SceneDiver: New method breaks perceptual bottleneck in vision-language AI

Vision models hallucinate less with coarse-to-fine focus planning — ICML 2026.

Deep Dive

Researchers from multiple institutions have introduced SceneDiver, a novel method that tackles the perceptual bottleneck in vision-language decision making. The problem: VLMs and VLAs often hallucinate objects in complex scenes, confusing task-relevant items with distractors. SceneDiver works in a coarse-to-fine manner: it first constructs a holistic scene graph for initial understanding, then iteratively decomposes the task into simpler sub-problems through cycles of recognition, understanding, and analysis. This focus plan generation leverages the long-term planning abilities of VLMs while a lightweight adapter distills this focus ability into VLAs for fast reactive control.

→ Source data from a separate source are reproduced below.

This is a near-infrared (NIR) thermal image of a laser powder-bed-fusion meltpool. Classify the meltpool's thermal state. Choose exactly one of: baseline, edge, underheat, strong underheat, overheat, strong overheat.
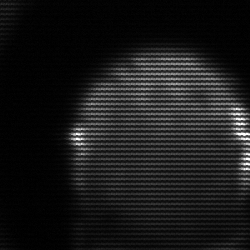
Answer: edge
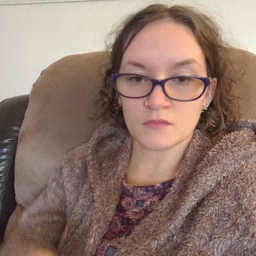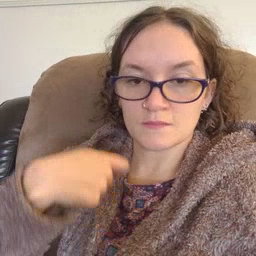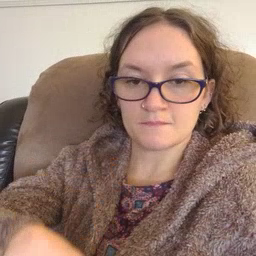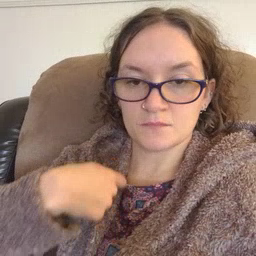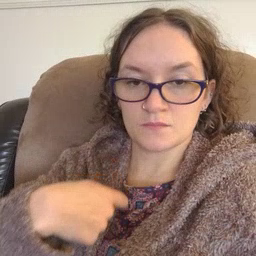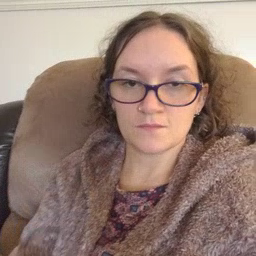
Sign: zipper
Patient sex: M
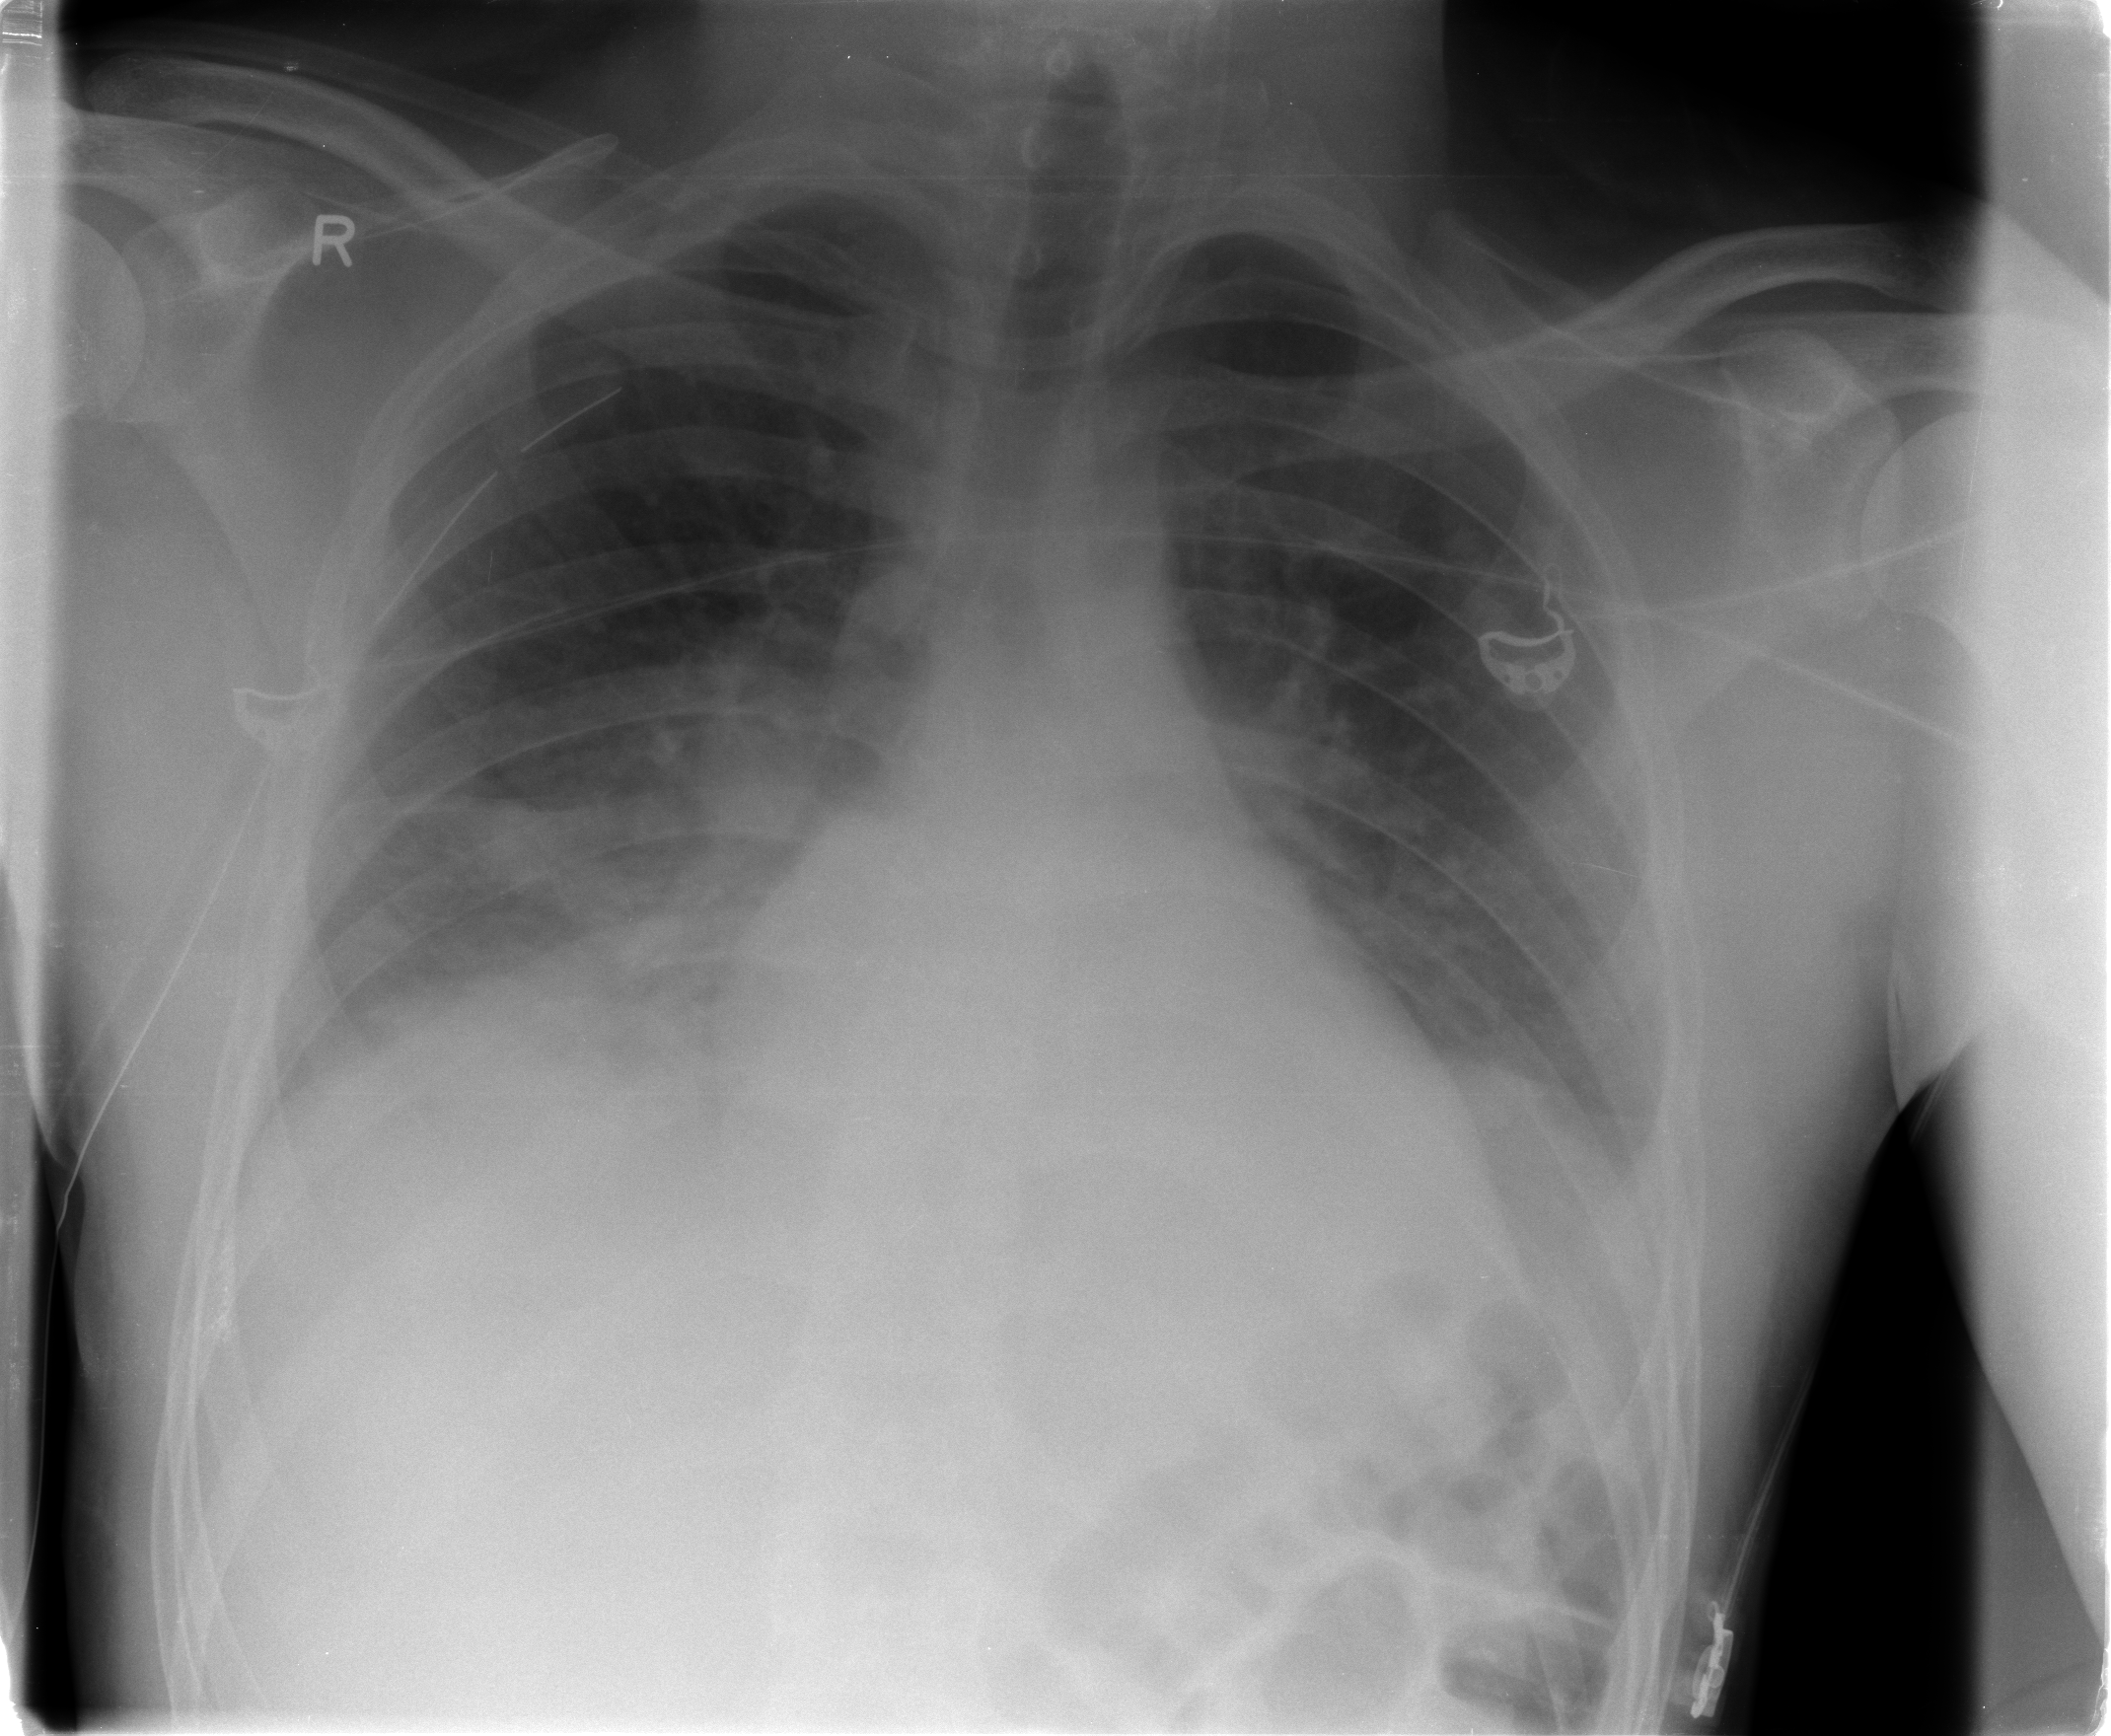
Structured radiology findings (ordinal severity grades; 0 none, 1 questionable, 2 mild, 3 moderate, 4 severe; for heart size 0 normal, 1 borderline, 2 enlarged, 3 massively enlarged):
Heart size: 1
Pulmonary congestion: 1
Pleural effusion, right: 2
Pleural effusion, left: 1
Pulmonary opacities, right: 2
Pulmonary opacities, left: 2
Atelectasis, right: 2
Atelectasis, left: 2
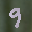
Label: 9
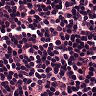
Metastatic tissue present: no
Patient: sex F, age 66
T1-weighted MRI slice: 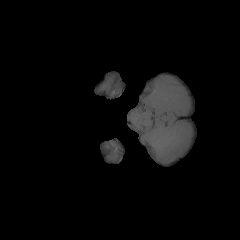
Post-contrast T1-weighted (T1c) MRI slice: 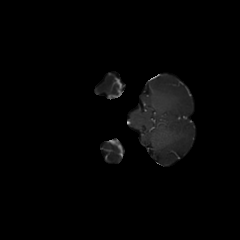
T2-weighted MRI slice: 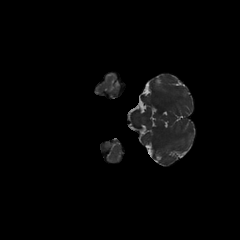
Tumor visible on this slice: no
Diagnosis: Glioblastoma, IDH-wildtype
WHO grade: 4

Evaluated on standard embodied AI benchmarks (robotic manipulation, navigation), SceneDiver substantially reduces visual hallucinations for both model types without sacrificing computational efficiency. The method is accepted at ICML 2026, with code and data publicly released. This work is especially relevant for real-world robotics where accurate perception under clutter is critical. By enabling models to systematically focus on relevant objects, SceneDiver moves beyond one-step attention methods that failed due to lack of deep scene understanding.

Key Points
  • SceneDiver reduces visual hallucinations in VLMs and VLAs via a coarse-to-fine focus planning approach.
  • Method first builds a holistic scene graph, then iteratively decomposes tasks into sub-problems for better object focus.
  • Accepted at ICML 2026 with code and data publicly released on GitHub.

Why It Matters

Makes embodied AI (robotics, navigation) more reliable by drastically cutting visual hallucinations.